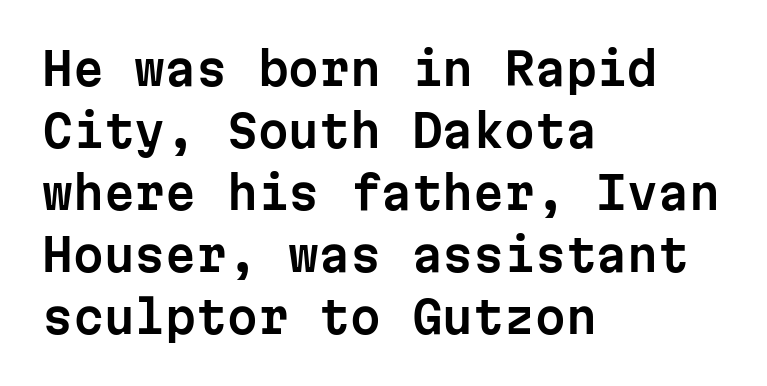
Q: Is the text italic (slanted)? A: No, it is upright.
Q: Is the typeface a serif or a sans-serif typeface? A: Sans-serif.
Q: Is the text underlined? A: No.
Q: How is the paragraph aligned? A: Left-aligned.
Q: Is the spacing between letters normal or unusually wide? A: Normal.
Q: Is the spacing between lines tight, normal or loose? A: Normal.
Q: Width (condensed, normal, or wide)? A: Normal.
Q: Stroke contrast? A: Low.
Q: x-height? A: Medium.
Q: Monospaced? A: Yes.
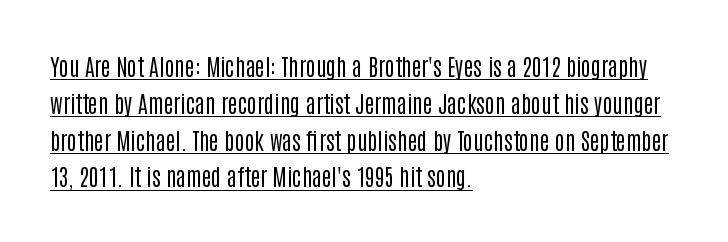
The text block is weighted toward the left margin, trailing off unevenly rightward. The gaps between neighbouring characters are ordinary and unremarkable. Compared with a typical body face, this is equally light or lighter still. The rendering uses the underline text-decoration. Line spacing here is normal.
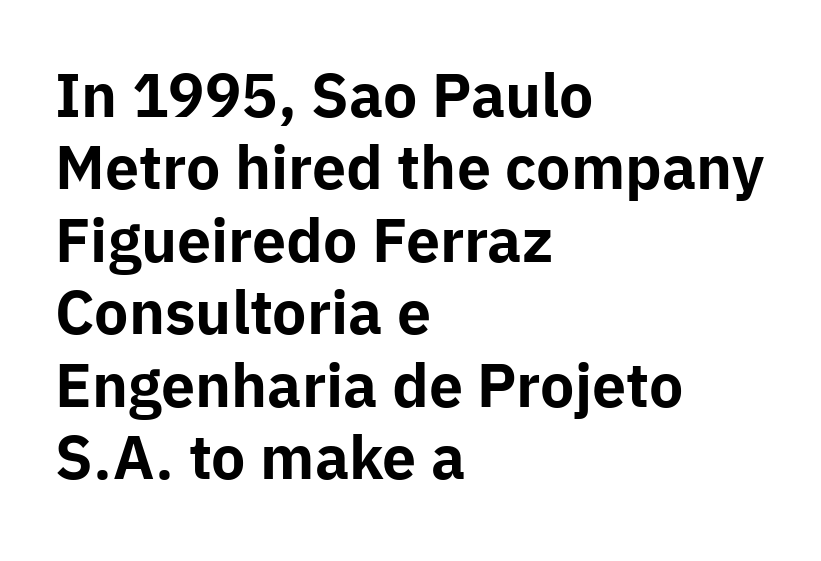
The image shows 58 px bold sans-serif type, upright; set left-aligned, normal line spacing (1.25x), normal letter spacing, not underlined; low stroke contrast and a medium x-height.
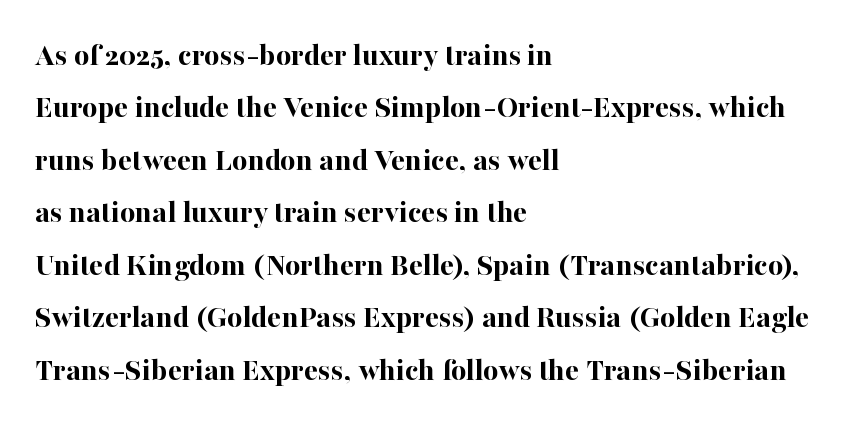
The image shows 33 px bold serif type, upright; set left-aligned, normal line spacing (1.59x), normal letter spacing, not underlined; high stroke contrast and a medium x-height.
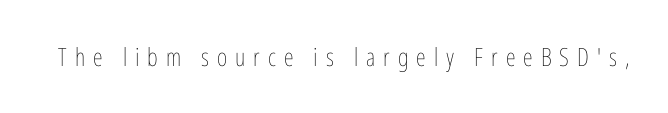
Q: Is the text bold? A: No.
Q: Is the text italic (slanted)? A: No, it is upright.
Q: Is the text underlined? A: No.
Q: Is the spacing between letters normal or unusually wide? A: Unusually wide.
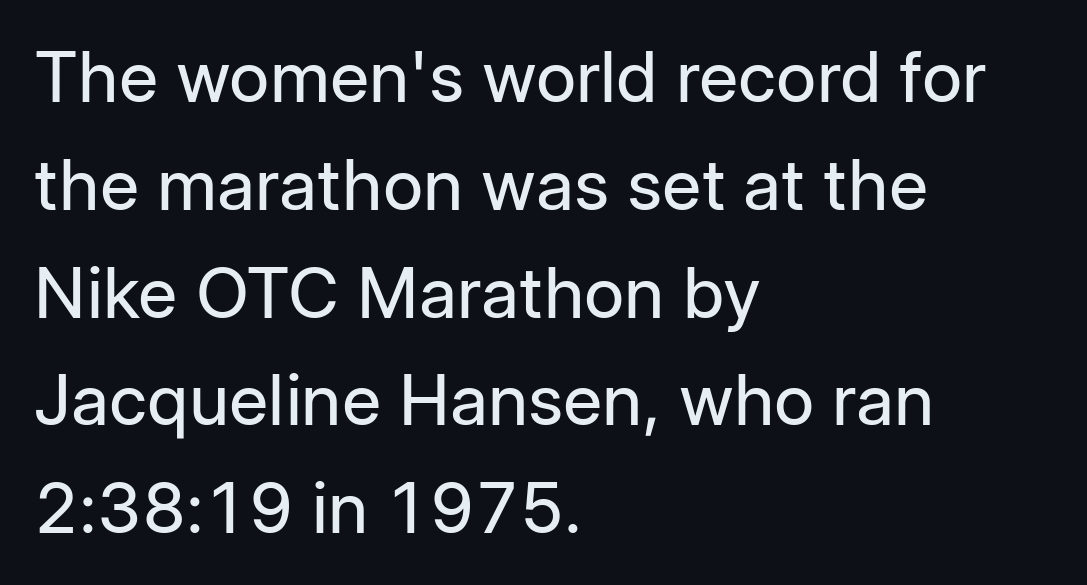
Q: Is the text bold? A: No.
Q: Is the text italic (slanted)? A: No, it is upright.
Q: Is the typeface a serif or a sans-serif typeface? A: Sans-serif.
Q: Is the text underlined? A: No.
Q: How is the paragraph aligned? A: Left-aligned.
Q: Is the spacing between letters normal or unusually wide? A: Normal.
Q: Is the spacing between lines tight, normal or loose? A: Normal.
Q: Width (condensed, normal, or wide)? A: Normal.
Q: Stroke contrast? A: Low.
Q: x-height? A: Medium.
Q: Monospaced? A: No.
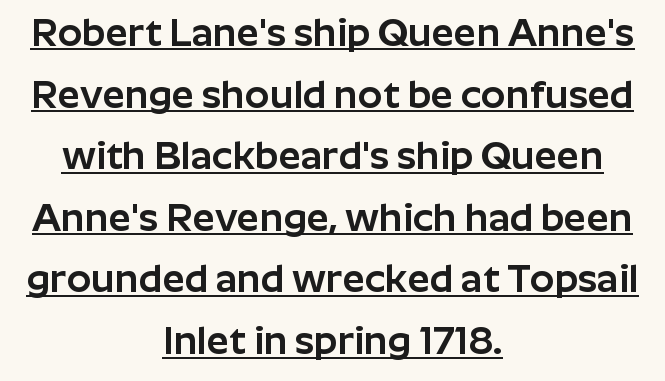
This is underlined copy, the kind a proofreader might mark for attention. The passage is arranged like a title page — every line centered. The passage shown is typed in a proportional face where columns would drift. This block has exactly the height ordinary leading produces. The letters sit at their default tracking, neither squeezed nor spread.
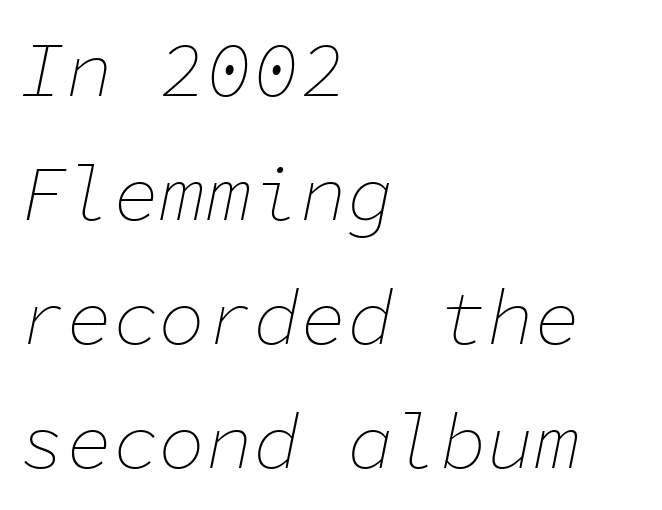
Alignment: flush left. No letter is thick-stroked: the sample isn't bold. The whole block is typeset with a tilt. This sample keeps an unexceptional amount of space between lines. Bare-footed words on every line.
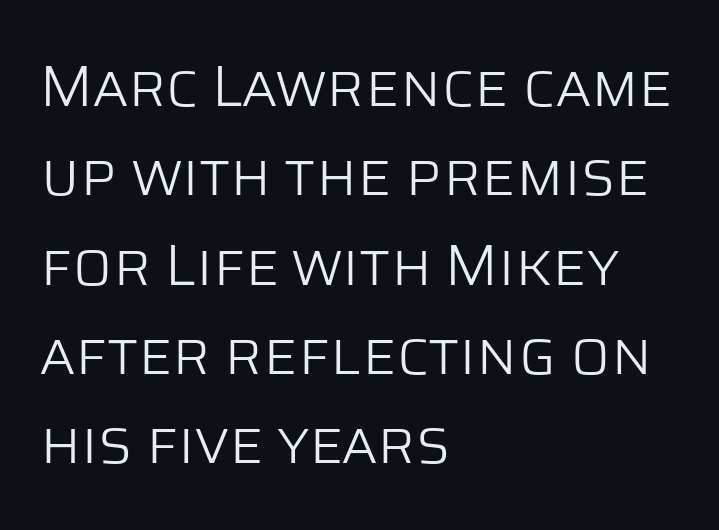
{"serif": "no", "italic": "no", "bold": "no", "weight": "light", "width": "normal", "stroke_contrast": "low", "x_height": "large", "monospaced": "no", "underline": "no", "align": "left", "line_spacing": "normal", "line_spacing_ratio": 1.54, "letter_spacing": "normal", "letter_spacing_em": 0.0, "glyph_px": 58}
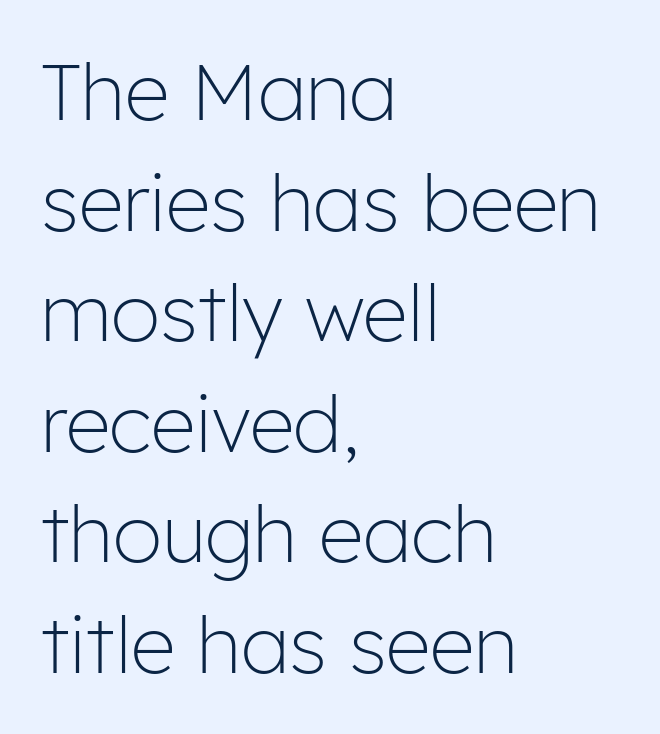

§ **WHAT TO WORK ON**
Using the data above, copy each line that contains "aligned".

§ **RESPONSE TO THE EXERCISE**
Q: How is the paragraph aligned? A: Left-aligned.
The image shows 58 px bold sans-serif type, upright; set left-aligned, normal line spacing (1.25x), normal letter spacing, not underlined; low stroke contrast and a medium x-height.
The image shows 33 px bold serif type, upright; set left-aligned, normal line spacing (1.59x), normal letter spacing, not underlined; high stroke contrast and a medium x-height.
Q: How is the paragraph aligned? A: Left-aligned.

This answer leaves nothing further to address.